Coincidentally, today I was eyeing electricity rates in the southern U.S., where my brother and I are looking to purchase some land so he can hunt on it, and I can vacation there, drink beer, swat mosquitos, and pull ticks off my dog’s butt (the Stephens brothers sure know how to party, eh?). Don’t ask me why I would investigate electricity rates where I’ll probably not be using any of it. Habit, I guess. I used to be an energy analyst, and I’m simply used to researching such things. I sort of use energy prices as a minor benchmark for how efficient an economy is.

Anyway, those southern boys have a convoluted way of pricing out the juice, but I derived a price of about 7.5 to 8.2 cents per kWh for those magic electrons. And that ain’t cheap, by the way.

So there’s your benchmark. Okay, we’re off the beaten path here in the CNMI, so maybe we could justify, based on an intuitive stab, about 12 cents a kWh here in the islands. Actually, that’s a pretty liberal stretch, but I’m a liberal kind of guy.

So there’s your quantitative context. Twelve cents per kWh based on reasonably well-educated intuition, versus a reported 46.85 cents based on yesterday’s article.

I can’t imagine any business that wouldn’t shut its doors at the sound of that, based on two factors. One, of course, would be the raw cost of the juice itself. The other would be that such horridly obscene rates betray some underlying issues that no respectable businesses man, nor citizen, would want to confront in the dark.
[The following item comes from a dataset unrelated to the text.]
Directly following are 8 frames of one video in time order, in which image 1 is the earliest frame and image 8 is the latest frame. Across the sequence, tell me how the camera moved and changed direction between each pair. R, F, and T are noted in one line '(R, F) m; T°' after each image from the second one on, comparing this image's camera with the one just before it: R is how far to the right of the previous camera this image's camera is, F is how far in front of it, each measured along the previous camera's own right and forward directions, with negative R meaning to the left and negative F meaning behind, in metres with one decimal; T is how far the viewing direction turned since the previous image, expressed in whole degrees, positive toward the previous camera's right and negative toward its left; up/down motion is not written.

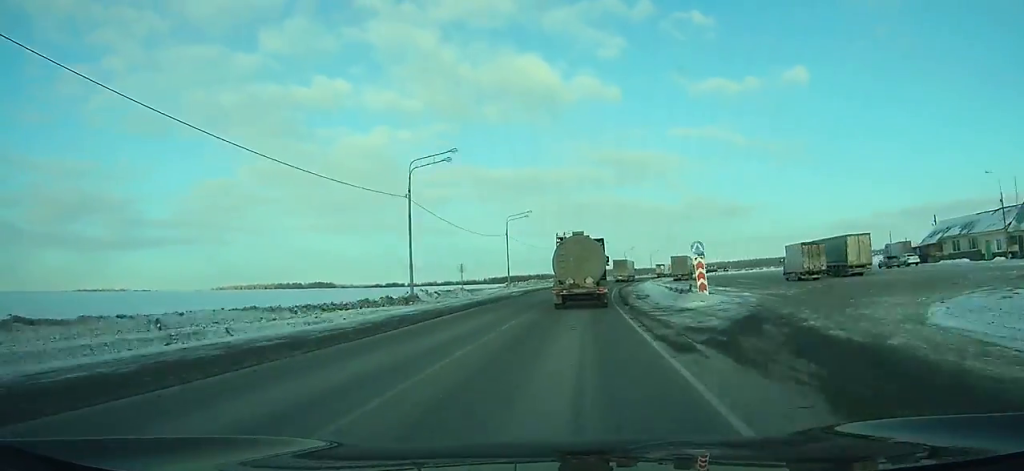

As far as residential rates go, the reported target for Rota’s fair citizens was about 32 cents per kWh. That’s still unimaginably high. I don’t know what the average home consumes every month there, but, given the need for aircon in these parts, I’d say that 800 kWh per month would be a reasonable figure for a small home. So, we’d be looking at a monthly bill of $256. At 1,200 kWh, which wouldn’t be hard to imagine at all if you keep that cooooool air blowing, you’d be looking at a coooool $384 a month.

Hopefully, the reported figures are a victim of printing press hacking by a rogue gang of Martian jokers. Or maybe they got quoted in yen or something. But there is no way, absolutely no way at all, that such reported rates could survive in the real economic world. Businesses would close immediately, and home owners would be looking to enforce some accountability at boot-point.

Rest assured, we should follow this one closely.